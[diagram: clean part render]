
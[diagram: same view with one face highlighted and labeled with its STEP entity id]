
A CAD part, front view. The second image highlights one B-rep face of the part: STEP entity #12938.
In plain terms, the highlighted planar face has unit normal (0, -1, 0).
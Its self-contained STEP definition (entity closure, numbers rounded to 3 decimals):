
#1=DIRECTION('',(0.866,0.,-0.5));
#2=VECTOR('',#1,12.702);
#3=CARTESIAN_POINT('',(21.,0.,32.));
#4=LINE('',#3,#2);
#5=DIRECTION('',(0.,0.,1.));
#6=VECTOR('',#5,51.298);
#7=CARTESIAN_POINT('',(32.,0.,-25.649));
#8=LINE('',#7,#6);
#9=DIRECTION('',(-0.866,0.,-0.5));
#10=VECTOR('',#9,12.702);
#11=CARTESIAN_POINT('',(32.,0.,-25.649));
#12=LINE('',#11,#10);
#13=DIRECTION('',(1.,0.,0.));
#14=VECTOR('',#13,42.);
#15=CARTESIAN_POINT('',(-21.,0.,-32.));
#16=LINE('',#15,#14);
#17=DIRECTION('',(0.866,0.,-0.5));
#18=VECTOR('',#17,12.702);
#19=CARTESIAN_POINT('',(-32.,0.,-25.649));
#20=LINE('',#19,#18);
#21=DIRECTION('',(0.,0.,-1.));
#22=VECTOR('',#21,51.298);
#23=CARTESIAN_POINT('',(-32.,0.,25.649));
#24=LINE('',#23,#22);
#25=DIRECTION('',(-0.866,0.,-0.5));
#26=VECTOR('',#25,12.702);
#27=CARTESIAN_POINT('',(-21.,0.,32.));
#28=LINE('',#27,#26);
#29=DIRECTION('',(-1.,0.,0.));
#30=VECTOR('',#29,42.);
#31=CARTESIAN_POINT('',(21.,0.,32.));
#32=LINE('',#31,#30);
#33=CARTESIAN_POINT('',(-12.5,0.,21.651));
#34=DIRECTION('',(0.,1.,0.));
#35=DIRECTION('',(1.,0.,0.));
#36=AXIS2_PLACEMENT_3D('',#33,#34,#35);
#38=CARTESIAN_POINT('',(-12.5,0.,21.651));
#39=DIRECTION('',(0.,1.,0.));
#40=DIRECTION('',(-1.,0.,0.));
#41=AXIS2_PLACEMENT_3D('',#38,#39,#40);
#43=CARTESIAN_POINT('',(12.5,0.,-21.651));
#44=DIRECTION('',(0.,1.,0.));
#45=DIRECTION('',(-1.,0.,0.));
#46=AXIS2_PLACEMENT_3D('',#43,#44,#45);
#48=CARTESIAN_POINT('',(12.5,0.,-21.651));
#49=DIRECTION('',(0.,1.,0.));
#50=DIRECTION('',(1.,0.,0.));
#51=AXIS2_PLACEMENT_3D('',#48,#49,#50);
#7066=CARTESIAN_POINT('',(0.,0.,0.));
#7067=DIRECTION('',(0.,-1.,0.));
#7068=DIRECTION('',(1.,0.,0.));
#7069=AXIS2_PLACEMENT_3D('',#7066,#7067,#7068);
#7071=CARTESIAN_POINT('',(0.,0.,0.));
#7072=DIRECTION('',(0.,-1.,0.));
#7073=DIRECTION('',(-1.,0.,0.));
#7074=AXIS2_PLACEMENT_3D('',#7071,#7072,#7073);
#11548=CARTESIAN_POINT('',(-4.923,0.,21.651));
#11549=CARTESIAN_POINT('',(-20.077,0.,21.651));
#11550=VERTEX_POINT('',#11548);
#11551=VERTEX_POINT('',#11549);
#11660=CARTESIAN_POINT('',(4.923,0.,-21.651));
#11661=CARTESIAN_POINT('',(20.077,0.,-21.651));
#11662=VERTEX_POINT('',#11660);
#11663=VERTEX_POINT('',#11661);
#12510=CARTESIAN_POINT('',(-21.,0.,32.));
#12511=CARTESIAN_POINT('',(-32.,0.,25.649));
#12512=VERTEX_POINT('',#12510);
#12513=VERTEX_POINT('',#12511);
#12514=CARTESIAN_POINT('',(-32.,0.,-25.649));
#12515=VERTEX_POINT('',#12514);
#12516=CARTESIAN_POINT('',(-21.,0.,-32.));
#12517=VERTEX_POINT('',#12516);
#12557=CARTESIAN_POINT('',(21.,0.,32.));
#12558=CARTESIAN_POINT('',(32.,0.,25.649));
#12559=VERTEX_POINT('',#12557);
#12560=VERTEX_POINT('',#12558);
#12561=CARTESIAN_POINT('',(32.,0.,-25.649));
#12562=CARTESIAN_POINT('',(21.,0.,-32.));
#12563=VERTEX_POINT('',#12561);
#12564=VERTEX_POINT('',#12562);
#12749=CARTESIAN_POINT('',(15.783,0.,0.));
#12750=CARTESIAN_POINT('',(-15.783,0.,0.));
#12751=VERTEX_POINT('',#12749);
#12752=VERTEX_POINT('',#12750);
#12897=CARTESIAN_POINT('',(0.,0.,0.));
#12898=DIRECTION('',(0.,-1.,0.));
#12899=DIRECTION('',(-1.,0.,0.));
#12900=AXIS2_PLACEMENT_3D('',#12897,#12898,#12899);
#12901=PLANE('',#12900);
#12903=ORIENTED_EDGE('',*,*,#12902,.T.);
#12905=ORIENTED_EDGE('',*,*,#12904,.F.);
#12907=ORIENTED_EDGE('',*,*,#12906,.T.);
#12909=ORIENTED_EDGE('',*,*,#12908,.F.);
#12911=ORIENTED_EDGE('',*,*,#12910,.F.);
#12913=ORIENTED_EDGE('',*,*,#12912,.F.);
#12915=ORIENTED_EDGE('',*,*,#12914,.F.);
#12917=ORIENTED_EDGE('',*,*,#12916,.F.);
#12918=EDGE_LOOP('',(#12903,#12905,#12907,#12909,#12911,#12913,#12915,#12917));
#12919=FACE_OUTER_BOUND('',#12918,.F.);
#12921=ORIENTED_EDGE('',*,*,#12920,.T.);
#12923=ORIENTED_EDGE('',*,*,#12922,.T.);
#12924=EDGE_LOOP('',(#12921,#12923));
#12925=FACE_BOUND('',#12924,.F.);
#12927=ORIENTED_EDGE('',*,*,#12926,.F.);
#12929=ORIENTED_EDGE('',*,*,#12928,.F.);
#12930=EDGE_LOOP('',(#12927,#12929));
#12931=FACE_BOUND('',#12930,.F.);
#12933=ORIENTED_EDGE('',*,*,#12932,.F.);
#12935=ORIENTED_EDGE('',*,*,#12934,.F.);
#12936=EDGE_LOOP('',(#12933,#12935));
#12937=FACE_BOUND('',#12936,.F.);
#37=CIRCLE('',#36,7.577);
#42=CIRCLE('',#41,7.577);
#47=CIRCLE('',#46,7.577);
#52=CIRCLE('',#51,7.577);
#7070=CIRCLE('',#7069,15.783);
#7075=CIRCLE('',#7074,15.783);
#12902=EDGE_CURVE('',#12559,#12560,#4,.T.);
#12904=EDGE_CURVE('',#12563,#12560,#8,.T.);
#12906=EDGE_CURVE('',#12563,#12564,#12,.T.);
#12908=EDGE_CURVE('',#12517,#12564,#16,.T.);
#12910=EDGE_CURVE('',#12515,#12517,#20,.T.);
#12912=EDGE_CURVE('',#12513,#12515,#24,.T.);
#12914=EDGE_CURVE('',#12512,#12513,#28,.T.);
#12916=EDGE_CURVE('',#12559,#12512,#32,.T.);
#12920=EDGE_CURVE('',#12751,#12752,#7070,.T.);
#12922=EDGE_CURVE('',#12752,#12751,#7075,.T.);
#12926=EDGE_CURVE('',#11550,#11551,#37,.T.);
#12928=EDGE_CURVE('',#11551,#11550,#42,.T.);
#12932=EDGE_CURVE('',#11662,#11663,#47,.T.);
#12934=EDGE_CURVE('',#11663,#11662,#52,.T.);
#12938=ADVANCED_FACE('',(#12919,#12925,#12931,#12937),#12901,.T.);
════════════════════
§ **WHAT THIS TASK INVOLVES**: Take the lines from the start of the records through the line holding "#16=LINE('',#15,#14);", both included, and please print them exactly, with nothing else.

§ **RESULT OF THIS TASK**:
[diagram: clean part render]
[diagram: same view with one face highlighted and labeled with its STEP entity id]
A CAD part, front view. The second image highlights one B-rep face of the part: STEP entity #12938.
In plain terms, the highlighted planar face has unit normal (0, -1, 0).
Its self-contained STEP definition (entity closure, numbers rounded to 3 decimals):
#1=DIRECTION('',(0.866,0.,-0.5));
#2=VECTOR('',#1,12.702);
#3=CARTESIAN_POINT('',(21.,0.,32.));
#4=LINE('',#3,#2);
#5=DIRECTION('',(0.,0.,1.));
#6=VECTOR('',#5,51.298);
#7=CARTESIAN_POINT('',(32.,0.,-25.649));
#8=LINE('',#7,#6);
#9=DIRECTION('',(-0.866,0.,-0.5));
#10=VECTOR('',#9,12.702);
#11=CARTESIAN_POINT('',(32.,0.,-25.649));
#12=LINE('',#11,#10);
#13=DIRECTION('',(1.,0.,0.));
#14=VECTOR('',#13,42.);
#15=CARTESIAN_POINT('',(-21.,0.,-32.));
#16=LINE('',#15,#14);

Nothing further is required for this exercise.